6.4 Actions. Whether or not an Event of Default has occurred, the Lender shall have the right, but not the obligation, to commence, appear in, or defend any action or proceeding which affects or which the Lender determines may affect (a) the Collateral; (b) Borrower's or the Lender's respective rights or obligations under the Loan Documents; (c) the Loan; or (d) the disbursement of any proceeds of the Loan. Whether or not an Event of Default has occurred, the Lender shall at all times have the right to take any or all actions which the Lender determines to be necessary or appropriate to protect the Lender's interest in connection with the Loan.
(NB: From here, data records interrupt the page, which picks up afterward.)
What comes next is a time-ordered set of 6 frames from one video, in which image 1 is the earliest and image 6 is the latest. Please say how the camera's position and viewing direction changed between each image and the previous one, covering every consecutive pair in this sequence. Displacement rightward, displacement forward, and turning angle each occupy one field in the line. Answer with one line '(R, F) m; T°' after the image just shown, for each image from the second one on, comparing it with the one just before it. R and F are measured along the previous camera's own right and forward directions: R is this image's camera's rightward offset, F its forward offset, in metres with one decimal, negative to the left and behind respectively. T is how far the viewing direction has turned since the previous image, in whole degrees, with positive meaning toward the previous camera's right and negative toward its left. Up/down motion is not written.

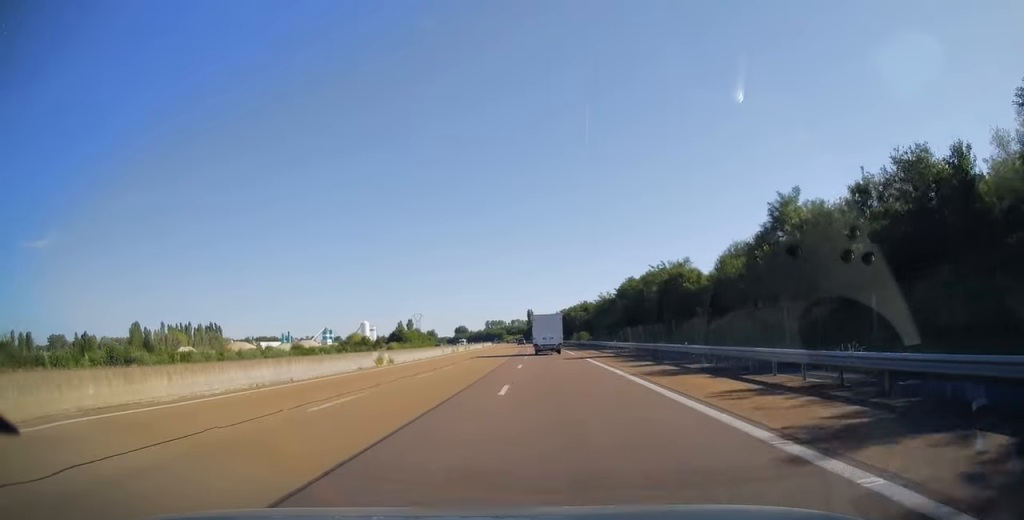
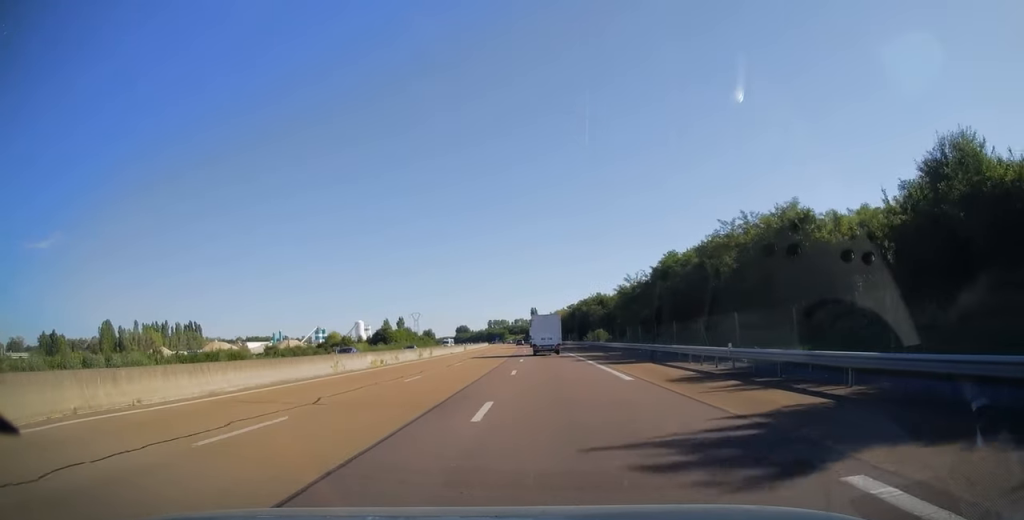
(-0.3, +30.4) m; -1°
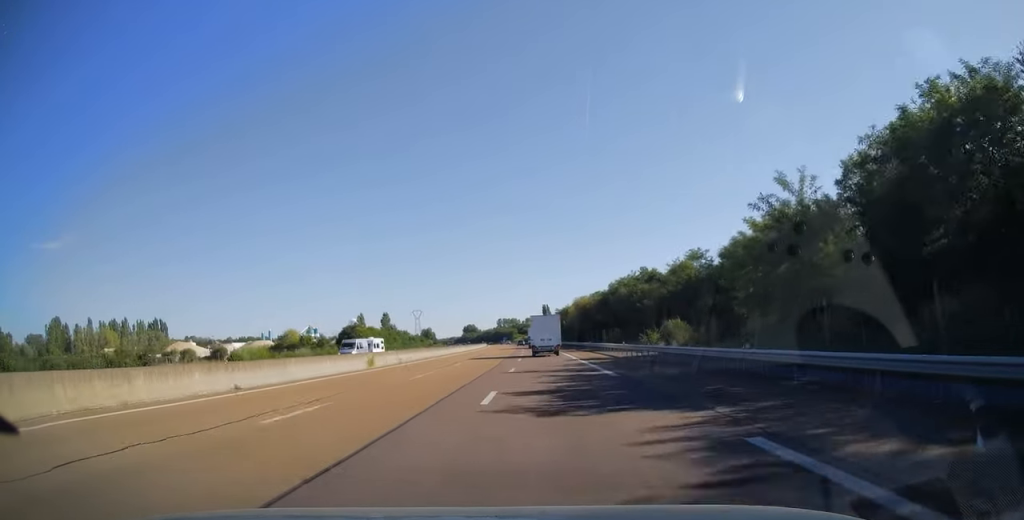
(-0.3, +49.5) m; -1°
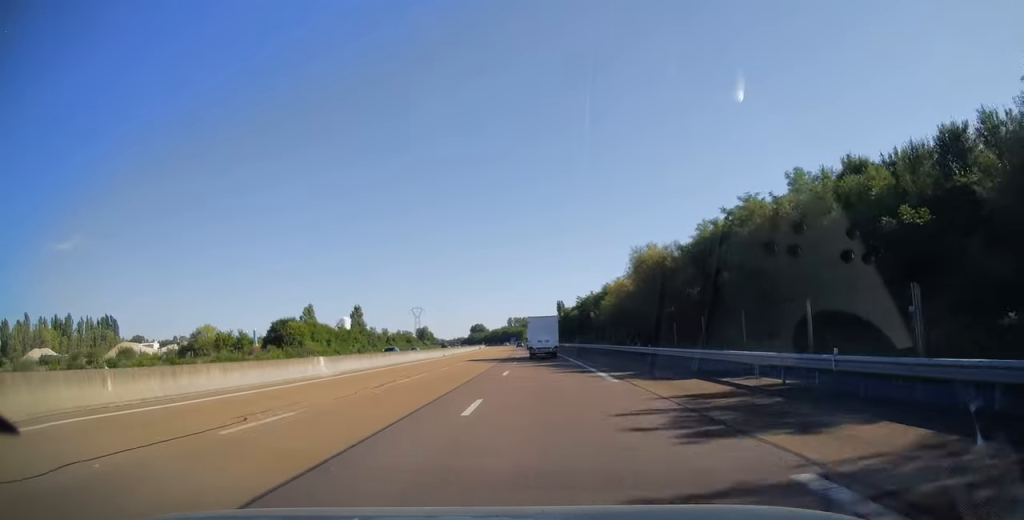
(-0.8, +54.0) m; -2°
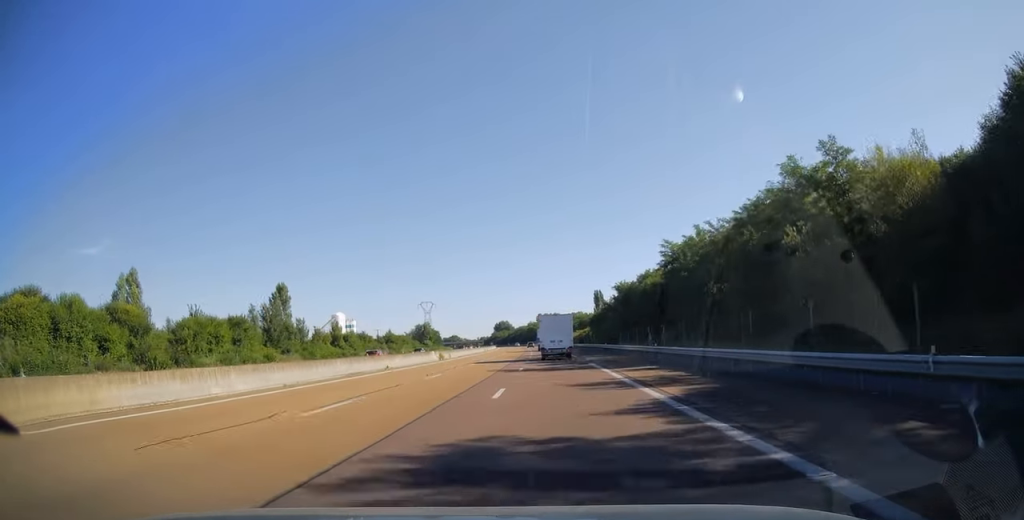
(-1.2, +73.8) m; -3°
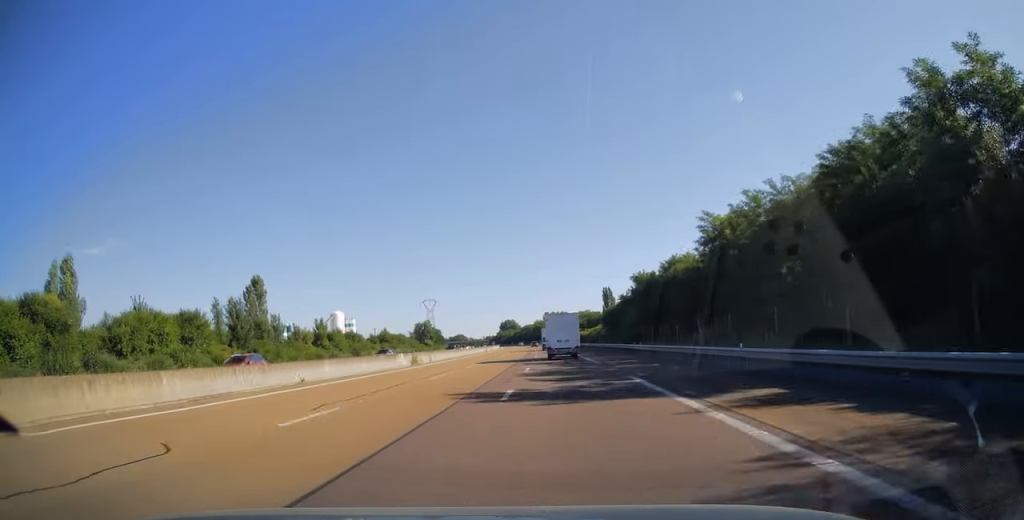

6.5 Attorneys' Fees and Costs and Other Expenses. Upon the Lender's demand, Borrower shall reimburse the Lender for all costs and expenses, including attorneys' fees and costs, incurred by the Lender in connection with the exercise of any or all of the Lender's rights and remedies under the Loan Documents; the enforcement of any or all Obligations, whether or not any legal proceedings are instituted by the Lender; or the defense of any action or proceeding by Borrower or any other Person relating to the Loan. Without limiting the generality of the immediately preceding sentence, such costs and expenses shall include all attorneys' fees and costs incurred by the Lender in connection with any federal or state bankruptcy, insolvency, reorganization, or other similar proceeding by or against Borrower or any Guarantor which in any way affects the Lender's exercise of its rights and remedies under the Loan Documents. Borrower's obligation to reimburse the Lender under this Section shall include payment of interest on all amounts expended by the Lender from the date of expenditure at the rate of interest applicable to principal under the Note. Wherever any of the terms of the Loan Documents provide for the payment or recovery of costs, fees, or other expenses (including attorneys' fees and costs), such term shall be deemed to provide for the payment or recovery of reasonable costs, fees, expenses, and reasonable attorneys' fees and costs.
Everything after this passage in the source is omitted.